CASC-J7 was held on 20th July 2014 in Vienna, Austria, as part of the 7th International Joint Conference on Automated Reasoning, which was in turn part of the Federated Logic Conference (FLoC) component of the 2014 Vienna Summer of Logic. The “FLoC Olympic Games” hosted 14 competitions in various areas of logic and reasoning, which provided the CASC-J7 entrants the opportunity to observe and interact with entrants with other types of reasoning tools. CASC-J7 was the nineteenth competition in the CASC series; see [13] and citations therein for information about individual previous competitions. Twenty-four ATP systems and system variants, listed in Table 1, competed in the various divisions of CASC-J7. The division winners of CASC-24 (the previous CASC) were automatically entered to provide benchmarks against which progress can be judged.1
In the THF division (see Section 2.1 for details of the divisions) the CASC-24 runner-up, Satallax 2.7, was entered instead of the CASC-24 winner, Satallax-MaLeS 1.2, because it was too hard to install Satallax-MaLeS 1.2 on the new competition computers. This had the useful side effect of providing a comparison between the plain Satallax and the MaLeS enhanced version – see Section 3.1. As the UEQ division had been suspended since CASC-23 in 2011, the CASC-23 UEQ winner was entered.
The ATP systems and entrants
CASC-J7 was organized by Geoff Sutcliffe, and overseen by a panel consisting of Bernhard Beckert, Maria Paola Bonacina and Aart Middeldorp. The competition was run on computers provided by the StarExec project [7], at the University of Iowa.
This paper is organized as follows: Section 2 outlines the design and organization of CASC-J7. Section 3 provides a commentated summary of the results. Section 4 contains short descriptions of three of the ATP systems. Section 5 concludes and discusses plans for future CASCs.
Divisions and problem categories
Divisions and problem categories
Important changes for CASC-J7 were:2
This summary of changes is most useful for readers who are already familiar with the general design of CASC. Other readers can skip to Section 2.1.

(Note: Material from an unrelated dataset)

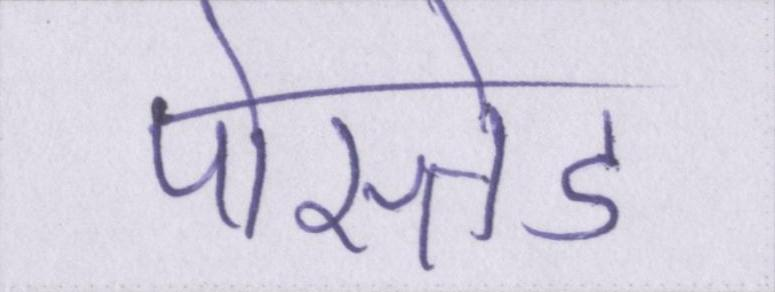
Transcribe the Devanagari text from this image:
पोस्तेड

The competition was run on StarExec. Systems had to be delivered as StarExec installation packages.
Systems had to use the SZS ontology and standards [9] for reporting their results.
The LTB division took a one year hiatus, to simplify the move to StarExec.

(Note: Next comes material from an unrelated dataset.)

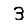
Digit: 3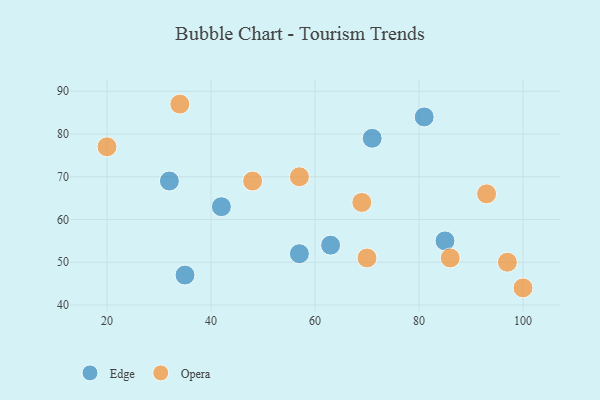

The UEQ division returned from its three year hiatus.
CASC is divided into divisions according to problem and system characteristics. There are competition divisions in which the systems are explicitly ranked, and a demonstration division in which systems demonstrate their abilities without being ranked. (The demonstration division is for systems that cannot be entered into the competition divisions for any reason, e.g., the system runs on specialist hardware, or the entrant is a competition organizer or panel member.) In CASC-J7 iProver 1.4 ran in the demonstration division because it was entered after the system registration deadline. Each competition division uses problems that have certain logical, language, and syntactic characteristics, so that the systems that compete in the division are, in principle, able to attempt all the problems in the division. Some divisions are further divided into problem categories that make it possible to analyze, at a more fine-grained level, which systems work well for what types of problems. The demonstration division uses the same problems as the competition divisions – the entry specifies which competition divisions’ problems are to be used. Table 2 catalogs the divisions and problem categories of CASC-J7. The example problems can be viewed online at
System execution and evaluation
The ATP systems were delivered to the competition organizer as StarExec installation packages, which the organizer installed and tested on StarExec. Source code was delivered separately for archiving on the competition web site.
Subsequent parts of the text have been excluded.